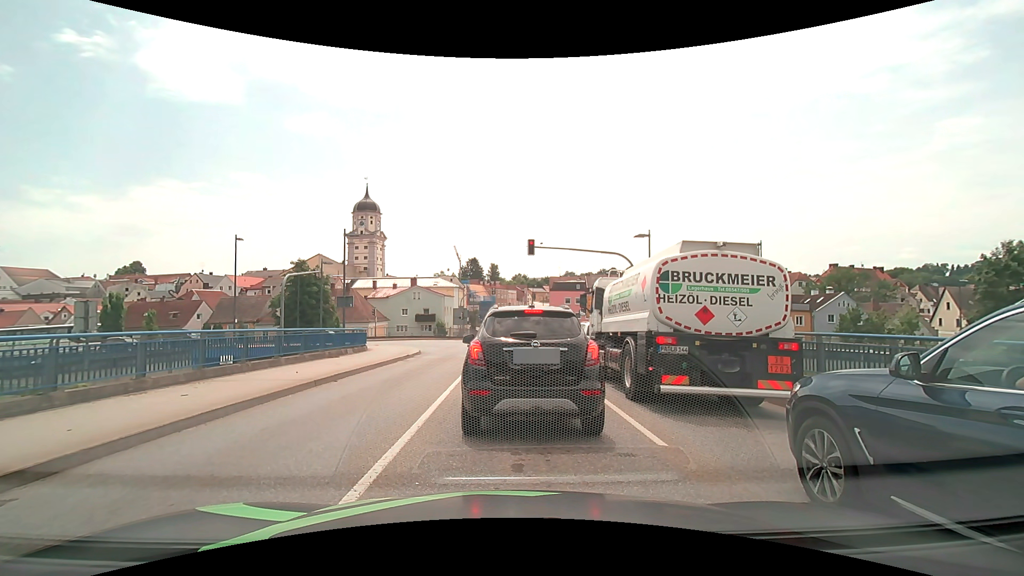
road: secondary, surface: asphalt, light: Day
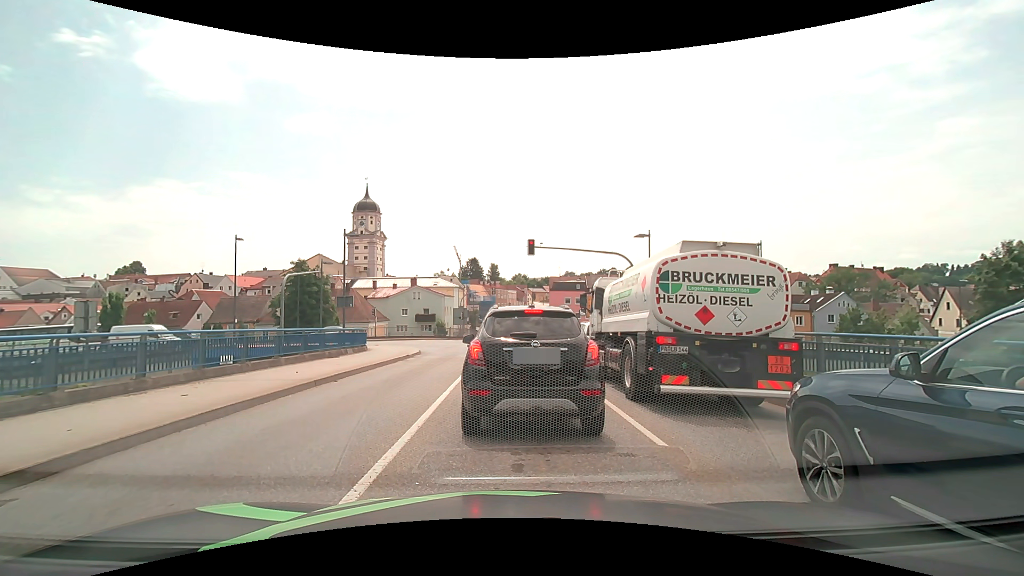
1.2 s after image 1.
(0.0, 0.0) m; 0°
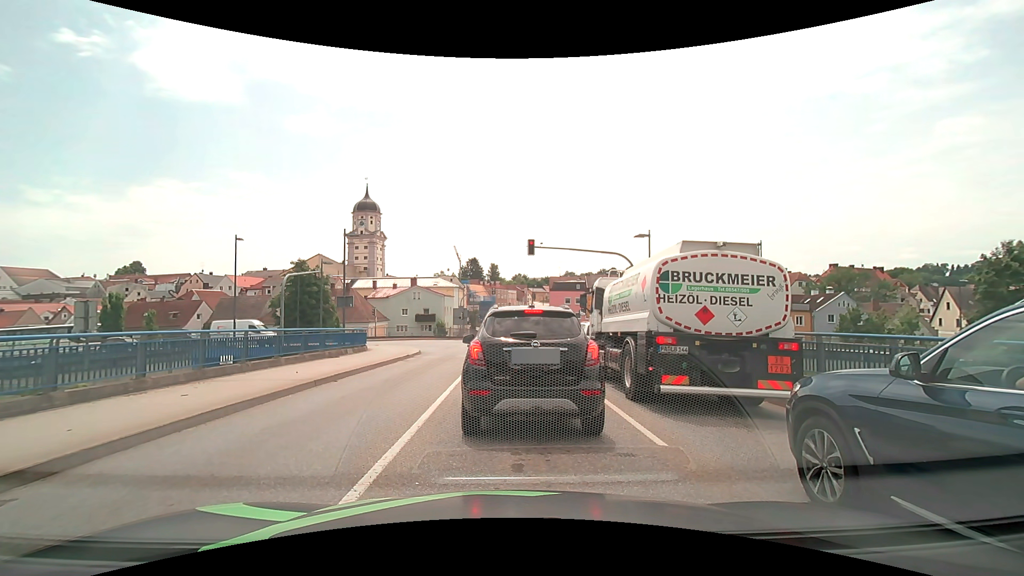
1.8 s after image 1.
(0.0, 0.0) m; 0°

TASK BRIEF: All of the entries above must be reproduced exactly, and no image may be included.

EXERCISE OUTPUT:
road: secondary, surface: asphalt, light: Day
1.2 s after image 1.
(0.0, 0.0) m; 0°
1.8 s after image 1.
(0.0, 0.0) m; 0°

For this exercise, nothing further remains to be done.